Mesmo assim, não acho que nada disso tenha sido algo problemático pro console. As ambições de desenvolvedores de JRPG estavam em outro lugar, mas a fundação instaurada por Quest 64 não só tem potencial, mas chega até a atingir um patamar distintamente elegante. Assim como o primeiro Dragon Quest, que buscava adaptar e inovar a fórmula de RPGs de PC como Wizardry e Ultima, Quest 64 busca fazer o mesmo com os JRPGs 2D de outros consoles. Ele usa da 3ª dimensão e as peculiaridades do Nintendo 64 ao seu favor, principalmente no quesito de exploração.
Toda face do gênero foi alterada de alguma maneira, o que torna deste um jogo muito experimental. Ele usa clichês visuais e temáticos para colocar ao menos um de seus pés no chão e não assustar jogadores de primeira viagem, mas é impossível esconder as diferenças quando você anda por aí com a câmera posta atrás do protagonista, algo que era reservado à outros gêneros como plataforma e ação na época, não um JRPG. Quanto mais você descobre sobre o jogo em sua primeira área explorável, mais seu charme fica evidente e suas peculiaridades se tornam virtudes. Quest 64 é um JRPG cuidadosamente considerado para o console que habitava, e se aproveita até mesmo das suas limitações.
Ahoy! Mais uma cidade à vista!
– O corpo de Quest 64 –
Em Quest 64 exploramos Celtland, um mundo vasto e dividido. Celtland possui uma grande variedade de cultura, fauna e costumes de cada povo; mas esse último depende do elemento da natureza que governa cada uma de suas cidades. É, Quest 64 tem o clichê dos quatro elementos. Mas isso se dá por causa da narrativa minimalista que tenta firmar o jogo em alguma base estabelecida de seu gênero, mesmo.

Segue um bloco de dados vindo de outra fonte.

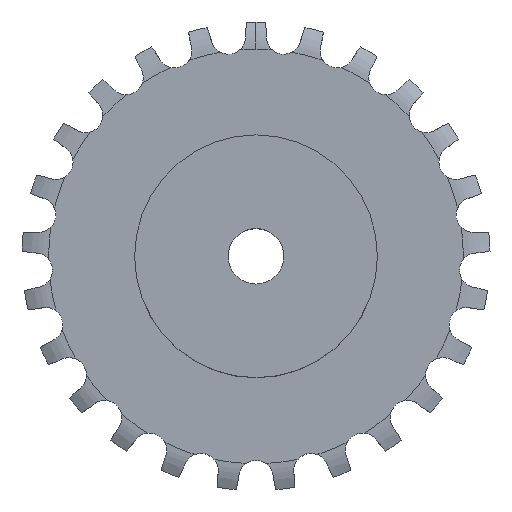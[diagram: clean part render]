
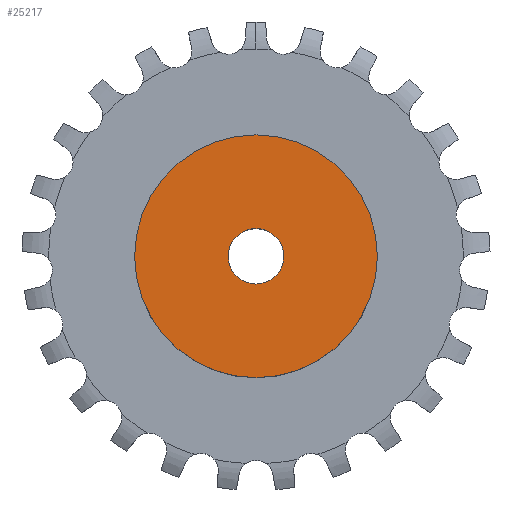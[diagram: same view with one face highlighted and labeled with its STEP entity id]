
A CAD part, top view. The second image highlights one B-rep face of the part: STEP entity #25217.
In plain terms, the highlighted planar face has unit normal (0, 0, 1).
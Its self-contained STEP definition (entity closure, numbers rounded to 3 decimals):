
#7384 = CYLINDRICAL_SURFACE('',#7385,17.5);
#7385 = AXIS2_PLACEMENT_3D('',#7386,#7387,#7388);
#7386 = CARTESIAN_POINT('',(0.,0.,0.));
#7387 = DIRECTION('',(-0.,-0.,-1.));
#7388 = DIRECTION('',(1.,0.,0.));
#20623 = CYLINDRICAL_SURFACE('',#20624,4.);
#20624 = AXIS2_PLACEMENT_3D('',#20625,#20626,#20627);
#20625 = CARTESIAN_POINT('',(0.,0.,97.419));
#20626 = DIRECTION('',(0.,0.,1.));
#20627 = DIRECTION('',(1.,0.,-0.));
#23591 = VERTEX_POINT('',#23592);
#23592 = CARTESIAN_POINT('',(17.5,0.,14.));
#23613 = EDGE_CURVE('',#23591,#23591,#23614,.T.);
#23614 = SURFACE_CURVE('',#23615,(#23620,#23627),.PCURVE_S1.);
#23615 = CIRCLE('',#23616,17.5);
#23616 = AXIS2_PLACEMENT_3D('',#23617,#23618,#23619);
#23617 = CARTESIAN_POINT('',(0.,0.,14.));
#23618 = DIRECTION('',(0.,0.,1.));
#23619 = DIRECTION('',(1.,0.,0.));
#23620 = PCURVE('',#7384,#23621);
#23621 = DEFINITIONAL_REPRESENTATION('',(#23622),#23626);
#23622 = LINE('',#23623,#23624);
#23623 = CARTESIAN_POINT('',(-0.,-14.));
#23624 = VECTOR('',#23625,1.);
#23625 = DIRECTION('',(-1.,0.));
#23626 = ( GEOMETRIC_REPRESENTATION_CONTEXT(2) 
PARAMETRIC_REPRESENTATION_CONTEXT() REPRESENTATION_CONTEXT('2D SPACE',''
  ) );
#23627 = PCURVE('',#23628,#23633);
#23628 = PLANE('',#23629);
#23629 = AXIS2_PLACEMENT_3D('',#23630,#23631,#23632);
#23630 = CARTESIAN_POINT('',(0.,0.,14.));
#23631 = DIRECTION('',(-0.,0.,1.));
#23632 = DIRECTION('',(0.,-1.,0.));
#23633 = DEFINITIONAL_REPRESENTATION('',(#23634),#23638);
#23634 = CIRCLE('',#23635,17.5);
#23635 = AXIS2_PLACEMENT_2D('',#23636,#23637);
#23636 = CARTESIAN_POINT('',(0.,0.));
#23637 = DIRECTION('',(0.,1.));
#23638 = ( GEOMETRIC_REPRESENTATION_CONTEXT(2) 
PARAMETRIC_REPRESENTATION_CONTEXT() REPRESENTATION_CONTEXT('2D SPACE',''
  ) );
#25171 = EDGE_CURVE('',#25172,#25172,#25174,.T.);
#25172 = VERTEX_POINT('',#25173);
#25173 = CARTESIAN_POINT('',(4.,0.,14.));
#25174 = SURFACE_CURVE('',#25175,(#25180,#25187),.PCURVE_S1.);
#25175 = CIRCLE('',#25176,4.);
#25176 = AXIS2_PLACEMENT_3D('',#25177,#25178,#25179);
#25177 = CARTESIAN_POINT('',(0.,0.,14.));
#25178 = DIRECTION('',(0.,0.,1.));
#25179 = DIRECTION('',(1.,0.,-0.));
#25180 = PCURVE('',#20623,#25181);
#25181 = DEFINITIONAL_REPRESENTATION('',(#25182),#25186);
#25182 = LINE('',#25183,#25184);
#25183 = CARTESIAN_POINT('',(0.,-83.419));
#25184 = VECTOR('',#25185,1.);
#25185 = DIRECTION('',(1.,0.));
#25186 = ( GEOMETRIC_REPRESENTATION_CONTEXT(2) 
PARAMETRIC_REPRESENTATION_CONTEXT() REPRESENTATION_CONTEXT('2D SPACE',''
  ) );
#25187 = PCURVE('',#23628,#25188);
#25188 = DEFINITIONAL_REPRESENTATION('',(#25189),#25193);
#25189 = CIRCLE('',#25190,4.);
#25190 = AXIS2_PLACEMENT_2D('',#25191,#25192);
#25191 = CARTESIAN_POINT('',(0.,0.));
#25192 = DIRECTION('',(0.,1.));
#25193 = ( GEOMETRIC_REPRESENTATION_CONTEXT(2) 
PARAMETRIC_REPRESENTATION_CONTEXT() REPRESENTATION_CONTEXT('2D SPACE',''
  ) );
#25217 = ADVANCED_FACE('',(#25218,#25221),#23628,.T.);
#25218 = FACE_BOUND('',#25219,.T.);
#25219 = EDGE_LOOP('',(#25220));
#25220 = ORIENTED_EDGE('',*,*,#23613,.T.);
#25221 = FACE_BOUND('',#25222,.T.);
#25222 = EDGE_LOOP('',(#25223));
#25223 = ORIENTED_EDGE('',*,*,#25171,.F.);

Brian, o protagonista, é um pivetinho mago que sai sozinho de seu monastério em busca de seu pai (e o livro de Eletale) e acaba se esbarrando com uma guerra inteira e presenciando o desequilíbrio dos quatro elementos. Você vive uma época frágil e intensa do mundo enquanto o explora. As planícies estão cheias de monstros, as florestas de ladrões, e as cidades em desespero. Mesmo assim, boa parte dos habitantes dos vilarejos e das cidades de Celtland recebem Brian de braços abertos.
Não existe dinheiro ou economia como mecânica. Brian ganha pão grátis na padaria e estadia de cortesia nos hotéis e pousadas, presumidamente por ser um carinha legal. A ausência de dinheiro é uma concessão mecânica que encaixa com a natureza enxuta do jogo, mas eu vou mais longe ainda e digo que também torna a atmosfera muito mais agradável. Você pode interpretar isso no universo de diversas maneiras, mas eu escolho acreditar que os donos de lojas ajudam o Brian por ele ser uma criança gente boa acima de sua reputação como “salvador do mundo”, já que, mesmo com sua reputação baixa no início da aventura, ele ainda consegue coisas grátis.
Falando na reputação do Brian, ele é constantemente subestimado pelas pessoas em posição de poder ao seu redor, tanto por ser uma criança quanto por ser um mago e não um guerreiro. Tem até um garoto da realeza de uma das cidades mais ricas de Celtland, Limelin, que aponta a falta de proeza física e inabilidade de Brian.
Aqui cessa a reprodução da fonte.